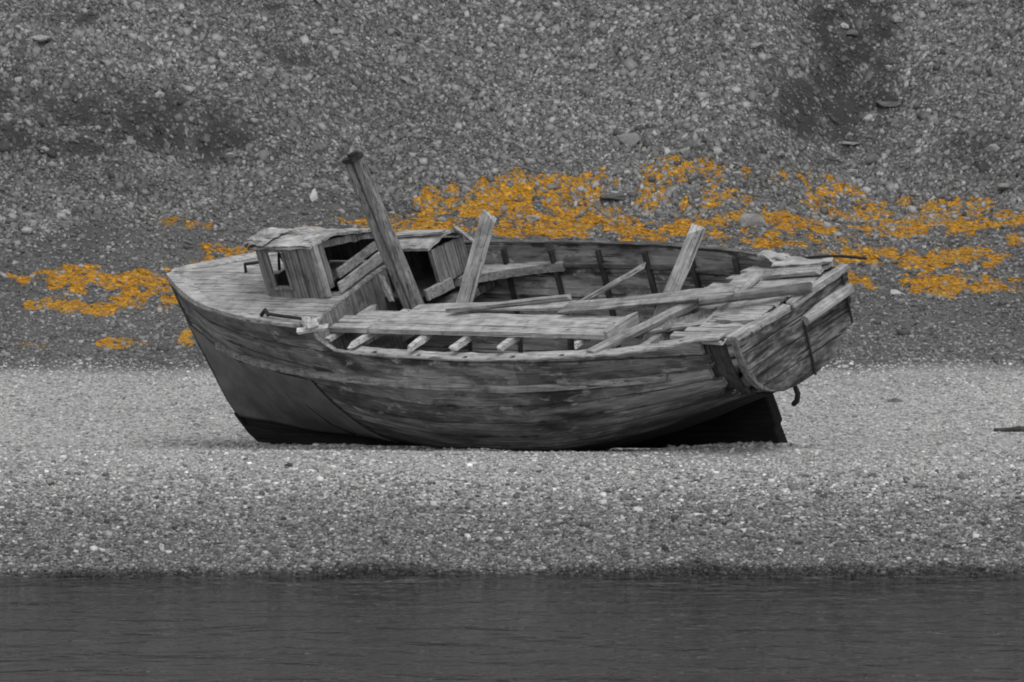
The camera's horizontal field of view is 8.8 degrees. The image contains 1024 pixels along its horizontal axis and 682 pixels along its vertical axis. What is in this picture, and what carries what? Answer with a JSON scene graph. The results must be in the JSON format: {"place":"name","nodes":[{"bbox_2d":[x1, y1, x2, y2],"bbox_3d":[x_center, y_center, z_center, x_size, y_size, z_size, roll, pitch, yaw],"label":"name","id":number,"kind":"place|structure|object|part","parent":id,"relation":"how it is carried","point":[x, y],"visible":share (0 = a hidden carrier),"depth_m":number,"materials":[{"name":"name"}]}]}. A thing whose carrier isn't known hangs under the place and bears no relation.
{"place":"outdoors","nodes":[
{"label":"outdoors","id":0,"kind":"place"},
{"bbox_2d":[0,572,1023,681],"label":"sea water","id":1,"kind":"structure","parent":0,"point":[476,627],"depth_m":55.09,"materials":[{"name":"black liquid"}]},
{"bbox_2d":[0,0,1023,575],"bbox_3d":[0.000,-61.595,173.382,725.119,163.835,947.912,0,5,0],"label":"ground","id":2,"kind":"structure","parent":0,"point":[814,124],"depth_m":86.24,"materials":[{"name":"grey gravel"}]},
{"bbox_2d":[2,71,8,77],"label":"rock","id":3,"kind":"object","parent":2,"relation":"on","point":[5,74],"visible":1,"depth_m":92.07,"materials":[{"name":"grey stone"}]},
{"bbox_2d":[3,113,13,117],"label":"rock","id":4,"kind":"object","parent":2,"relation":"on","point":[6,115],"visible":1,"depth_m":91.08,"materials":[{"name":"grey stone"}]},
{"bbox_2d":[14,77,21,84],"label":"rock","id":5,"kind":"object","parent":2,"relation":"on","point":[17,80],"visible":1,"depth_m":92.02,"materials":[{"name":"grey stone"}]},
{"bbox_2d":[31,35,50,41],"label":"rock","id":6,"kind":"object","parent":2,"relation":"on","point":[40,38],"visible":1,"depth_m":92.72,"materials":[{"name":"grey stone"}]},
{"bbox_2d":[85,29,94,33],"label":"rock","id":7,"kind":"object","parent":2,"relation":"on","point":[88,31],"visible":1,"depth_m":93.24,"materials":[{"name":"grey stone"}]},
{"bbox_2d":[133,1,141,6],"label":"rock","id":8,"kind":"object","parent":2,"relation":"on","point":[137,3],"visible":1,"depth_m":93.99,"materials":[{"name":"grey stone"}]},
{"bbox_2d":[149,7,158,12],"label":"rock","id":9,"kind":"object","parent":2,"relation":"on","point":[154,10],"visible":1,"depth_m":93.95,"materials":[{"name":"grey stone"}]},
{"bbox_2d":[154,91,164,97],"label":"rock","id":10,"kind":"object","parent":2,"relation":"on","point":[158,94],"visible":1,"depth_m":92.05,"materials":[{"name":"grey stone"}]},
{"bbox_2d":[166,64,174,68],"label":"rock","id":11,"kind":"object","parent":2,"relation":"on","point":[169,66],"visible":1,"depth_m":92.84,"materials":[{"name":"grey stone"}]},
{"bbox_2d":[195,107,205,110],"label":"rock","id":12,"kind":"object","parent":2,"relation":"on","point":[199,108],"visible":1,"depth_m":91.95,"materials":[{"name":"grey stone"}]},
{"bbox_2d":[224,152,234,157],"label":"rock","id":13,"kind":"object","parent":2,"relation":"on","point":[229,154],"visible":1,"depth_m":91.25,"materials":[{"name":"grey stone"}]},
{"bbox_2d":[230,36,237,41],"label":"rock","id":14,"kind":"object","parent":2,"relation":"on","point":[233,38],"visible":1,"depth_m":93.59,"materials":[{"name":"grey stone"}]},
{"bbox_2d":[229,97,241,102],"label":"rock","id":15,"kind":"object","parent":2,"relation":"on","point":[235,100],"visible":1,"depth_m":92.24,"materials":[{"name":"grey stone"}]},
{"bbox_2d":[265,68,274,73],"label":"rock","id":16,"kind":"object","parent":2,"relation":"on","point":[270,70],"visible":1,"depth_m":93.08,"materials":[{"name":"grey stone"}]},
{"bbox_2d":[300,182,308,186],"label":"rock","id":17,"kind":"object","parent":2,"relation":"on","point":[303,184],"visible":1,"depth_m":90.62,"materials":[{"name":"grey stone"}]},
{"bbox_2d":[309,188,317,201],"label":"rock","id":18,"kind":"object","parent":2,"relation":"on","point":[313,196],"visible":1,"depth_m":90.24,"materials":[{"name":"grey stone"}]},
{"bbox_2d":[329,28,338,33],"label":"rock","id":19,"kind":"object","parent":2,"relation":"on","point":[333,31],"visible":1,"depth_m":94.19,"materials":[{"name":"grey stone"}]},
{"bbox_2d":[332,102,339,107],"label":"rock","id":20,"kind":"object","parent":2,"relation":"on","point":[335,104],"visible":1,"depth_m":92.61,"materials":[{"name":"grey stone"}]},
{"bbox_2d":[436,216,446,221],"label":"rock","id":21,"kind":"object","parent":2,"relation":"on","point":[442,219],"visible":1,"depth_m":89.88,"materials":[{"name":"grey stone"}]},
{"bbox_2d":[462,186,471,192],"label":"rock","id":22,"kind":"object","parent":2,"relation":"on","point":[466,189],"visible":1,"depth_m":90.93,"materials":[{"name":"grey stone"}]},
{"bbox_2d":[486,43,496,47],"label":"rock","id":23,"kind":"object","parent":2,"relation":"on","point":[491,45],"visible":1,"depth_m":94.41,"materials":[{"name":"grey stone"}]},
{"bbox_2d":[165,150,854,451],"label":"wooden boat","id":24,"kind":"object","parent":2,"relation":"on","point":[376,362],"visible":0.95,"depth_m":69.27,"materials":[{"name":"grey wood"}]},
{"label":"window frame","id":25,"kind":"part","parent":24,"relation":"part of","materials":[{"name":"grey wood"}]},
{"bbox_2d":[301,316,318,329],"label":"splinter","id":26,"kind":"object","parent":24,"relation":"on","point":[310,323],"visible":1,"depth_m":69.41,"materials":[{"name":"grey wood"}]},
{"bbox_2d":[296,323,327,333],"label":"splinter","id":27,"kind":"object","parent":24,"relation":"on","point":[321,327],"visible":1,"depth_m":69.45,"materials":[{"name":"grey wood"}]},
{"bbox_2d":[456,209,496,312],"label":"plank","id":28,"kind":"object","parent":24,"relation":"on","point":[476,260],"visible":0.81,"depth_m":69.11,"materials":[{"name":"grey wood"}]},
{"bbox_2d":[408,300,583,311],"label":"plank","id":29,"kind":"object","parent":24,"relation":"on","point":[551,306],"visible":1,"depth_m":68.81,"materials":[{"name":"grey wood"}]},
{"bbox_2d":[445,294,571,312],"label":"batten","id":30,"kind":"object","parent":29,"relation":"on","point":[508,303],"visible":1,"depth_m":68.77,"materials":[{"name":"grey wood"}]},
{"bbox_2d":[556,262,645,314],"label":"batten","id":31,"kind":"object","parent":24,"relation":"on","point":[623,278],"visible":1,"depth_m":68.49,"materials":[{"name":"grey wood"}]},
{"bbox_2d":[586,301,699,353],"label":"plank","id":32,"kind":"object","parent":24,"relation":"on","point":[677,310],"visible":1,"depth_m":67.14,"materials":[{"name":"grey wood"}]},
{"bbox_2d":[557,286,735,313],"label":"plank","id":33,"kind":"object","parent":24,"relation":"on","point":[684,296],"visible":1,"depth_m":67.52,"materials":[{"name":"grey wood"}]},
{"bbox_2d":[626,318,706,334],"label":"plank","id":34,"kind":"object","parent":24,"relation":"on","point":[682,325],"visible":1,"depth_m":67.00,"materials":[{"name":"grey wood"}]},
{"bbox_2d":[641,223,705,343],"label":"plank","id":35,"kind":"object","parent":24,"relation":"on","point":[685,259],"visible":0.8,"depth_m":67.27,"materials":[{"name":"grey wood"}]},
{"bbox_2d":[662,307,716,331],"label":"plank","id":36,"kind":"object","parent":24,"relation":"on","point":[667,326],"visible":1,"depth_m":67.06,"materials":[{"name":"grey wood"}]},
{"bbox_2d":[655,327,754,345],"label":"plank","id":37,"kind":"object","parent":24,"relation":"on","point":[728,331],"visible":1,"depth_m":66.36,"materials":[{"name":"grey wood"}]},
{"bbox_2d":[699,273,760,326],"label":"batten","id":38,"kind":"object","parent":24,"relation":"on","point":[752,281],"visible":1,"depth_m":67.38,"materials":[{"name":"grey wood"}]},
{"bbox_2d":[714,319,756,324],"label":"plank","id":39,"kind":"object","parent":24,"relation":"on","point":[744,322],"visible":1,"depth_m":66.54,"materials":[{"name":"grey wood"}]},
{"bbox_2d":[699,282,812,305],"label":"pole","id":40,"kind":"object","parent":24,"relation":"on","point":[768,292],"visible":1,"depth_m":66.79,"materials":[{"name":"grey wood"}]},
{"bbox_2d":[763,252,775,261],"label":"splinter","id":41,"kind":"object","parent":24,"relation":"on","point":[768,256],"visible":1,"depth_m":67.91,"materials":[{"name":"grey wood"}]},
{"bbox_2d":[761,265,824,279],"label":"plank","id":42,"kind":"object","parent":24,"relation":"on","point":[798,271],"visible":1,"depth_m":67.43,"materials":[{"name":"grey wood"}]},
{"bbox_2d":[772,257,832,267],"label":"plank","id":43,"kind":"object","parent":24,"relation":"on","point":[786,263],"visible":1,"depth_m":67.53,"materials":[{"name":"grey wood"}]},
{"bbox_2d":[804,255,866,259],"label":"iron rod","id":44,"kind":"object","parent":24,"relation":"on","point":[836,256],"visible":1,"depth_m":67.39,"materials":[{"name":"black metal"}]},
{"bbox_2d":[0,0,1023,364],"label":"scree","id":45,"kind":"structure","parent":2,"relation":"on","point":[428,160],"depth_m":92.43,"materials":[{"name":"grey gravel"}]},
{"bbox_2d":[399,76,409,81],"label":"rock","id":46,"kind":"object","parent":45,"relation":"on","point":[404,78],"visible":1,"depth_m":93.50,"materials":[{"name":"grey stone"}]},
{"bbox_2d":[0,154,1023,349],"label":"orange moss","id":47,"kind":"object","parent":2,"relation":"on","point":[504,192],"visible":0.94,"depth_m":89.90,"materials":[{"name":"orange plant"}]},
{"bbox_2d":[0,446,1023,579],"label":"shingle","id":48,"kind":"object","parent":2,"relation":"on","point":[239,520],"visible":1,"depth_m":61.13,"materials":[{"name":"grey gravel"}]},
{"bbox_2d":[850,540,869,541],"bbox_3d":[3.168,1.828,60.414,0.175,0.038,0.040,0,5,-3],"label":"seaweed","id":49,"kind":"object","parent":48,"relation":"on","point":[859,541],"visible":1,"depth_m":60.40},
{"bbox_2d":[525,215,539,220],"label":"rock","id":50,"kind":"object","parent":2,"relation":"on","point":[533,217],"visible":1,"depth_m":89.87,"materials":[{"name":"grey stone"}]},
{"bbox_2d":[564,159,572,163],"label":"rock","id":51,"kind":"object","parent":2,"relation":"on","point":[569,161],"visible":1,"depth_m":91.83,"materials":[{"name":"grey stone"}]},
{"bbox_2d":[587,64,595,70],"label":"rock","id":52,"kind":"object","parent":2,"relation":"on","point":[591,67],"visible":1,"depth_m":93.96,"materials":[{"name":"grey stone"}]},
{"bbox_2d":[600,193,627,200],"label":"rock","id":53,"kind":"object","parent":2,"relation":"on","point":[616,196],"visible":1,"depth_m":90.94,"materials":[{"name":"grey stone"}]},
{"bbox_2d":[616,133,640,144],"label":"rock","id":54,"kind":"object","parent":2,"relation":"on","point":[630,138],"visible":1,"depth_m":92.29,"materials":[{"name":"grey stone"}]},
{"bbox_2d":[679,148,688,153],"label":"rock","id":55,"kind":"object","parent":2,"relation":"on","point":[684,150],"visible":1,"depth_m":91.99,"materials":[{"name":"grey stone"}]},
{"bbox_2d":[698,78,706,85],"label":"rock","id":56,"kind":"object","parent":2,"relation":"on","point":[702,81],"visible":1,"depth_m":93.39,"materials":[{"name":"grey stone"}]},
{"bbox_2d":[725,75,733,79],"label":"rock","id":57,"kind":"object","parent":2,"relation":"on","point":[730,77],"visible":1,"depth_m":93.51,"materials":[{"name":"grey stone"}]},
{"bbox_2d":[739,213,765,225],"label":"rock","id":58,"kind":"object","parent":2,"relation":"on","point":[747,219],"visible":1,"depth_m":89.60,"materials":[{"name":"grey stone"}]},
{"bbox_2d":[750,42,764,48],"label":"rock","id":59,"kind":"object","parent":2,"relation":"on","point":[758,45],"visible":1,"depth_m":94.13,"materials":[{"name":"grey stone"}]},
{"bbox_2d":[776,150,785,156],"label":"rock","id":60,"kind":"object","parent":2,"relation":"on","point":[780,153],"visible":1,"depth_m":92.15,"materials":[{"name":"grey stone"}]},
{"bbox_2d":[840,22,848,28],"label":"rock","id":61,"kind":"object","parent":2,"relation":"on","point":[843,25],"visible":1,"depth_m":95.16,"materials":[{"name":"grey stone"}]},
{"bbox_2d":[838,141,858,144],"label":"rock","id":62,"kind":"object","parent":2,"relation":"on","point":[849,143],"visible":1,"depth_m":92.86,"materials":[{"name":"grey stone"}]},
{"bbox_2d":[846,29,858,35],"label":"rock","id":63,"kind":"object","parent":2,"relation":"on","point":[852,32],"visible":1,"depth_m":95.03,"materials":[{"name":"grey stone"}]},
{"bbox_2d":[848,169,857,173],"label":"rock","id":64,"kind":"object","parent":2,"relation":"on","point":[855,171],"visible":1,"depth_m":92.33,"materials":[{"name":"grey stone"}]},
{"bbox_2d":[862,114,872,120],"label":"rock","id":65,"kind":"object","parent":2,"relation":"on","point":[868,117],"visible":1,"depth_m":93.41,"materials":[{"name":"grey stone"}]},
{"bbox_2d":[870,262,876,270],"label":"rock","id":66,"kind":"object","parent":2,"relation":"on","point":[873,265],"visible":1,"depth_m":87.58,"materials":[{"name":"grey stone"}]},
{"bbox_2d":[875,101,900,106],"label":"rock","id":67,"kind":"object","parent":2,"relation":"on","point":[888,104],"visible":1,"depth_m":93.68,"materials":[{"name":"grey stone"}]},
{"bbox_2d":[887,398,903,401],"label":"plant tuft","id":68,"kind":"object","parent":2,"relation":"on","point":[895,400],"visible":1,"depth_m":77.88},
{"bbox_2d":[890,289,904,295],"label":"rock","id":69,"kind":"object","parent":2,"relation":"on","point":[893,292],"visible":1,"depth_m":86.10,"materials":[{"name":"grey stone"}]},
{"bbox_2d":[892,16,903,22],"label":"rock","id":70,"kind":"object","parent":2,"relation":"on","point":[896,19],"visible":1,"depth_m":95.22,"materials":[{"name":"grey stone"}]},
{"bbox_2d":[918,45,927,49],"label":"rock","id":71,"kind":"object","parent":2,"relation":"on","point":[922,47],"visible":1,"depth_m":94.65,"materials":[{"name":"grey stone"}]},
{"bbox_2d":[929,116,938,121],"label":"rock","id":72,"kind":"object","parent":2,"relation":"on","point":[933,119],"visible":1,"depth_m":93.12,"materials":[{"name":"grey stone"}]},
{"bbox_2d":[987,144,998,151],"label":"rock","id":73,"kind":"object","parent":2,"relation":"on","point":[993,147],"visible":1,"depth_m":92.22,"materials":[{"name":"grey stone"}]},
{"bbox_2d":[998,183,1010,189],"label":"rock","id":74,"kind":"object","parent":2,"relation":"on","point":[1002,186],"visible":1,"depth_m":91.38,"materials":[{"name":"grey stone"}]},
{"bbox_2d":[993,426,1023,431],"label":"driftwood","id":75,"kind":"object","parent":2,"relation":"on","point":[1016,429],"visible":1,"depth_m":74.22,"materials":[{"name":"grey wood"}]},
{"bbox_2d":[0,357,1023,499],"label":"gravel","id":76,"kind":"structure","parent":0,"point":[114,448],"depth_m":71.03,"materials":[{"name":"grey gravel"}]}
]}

§ **Work item**: In the listing above, count the lines that contain "structure". Give the number and nothing else.

§ **Written solution**: 5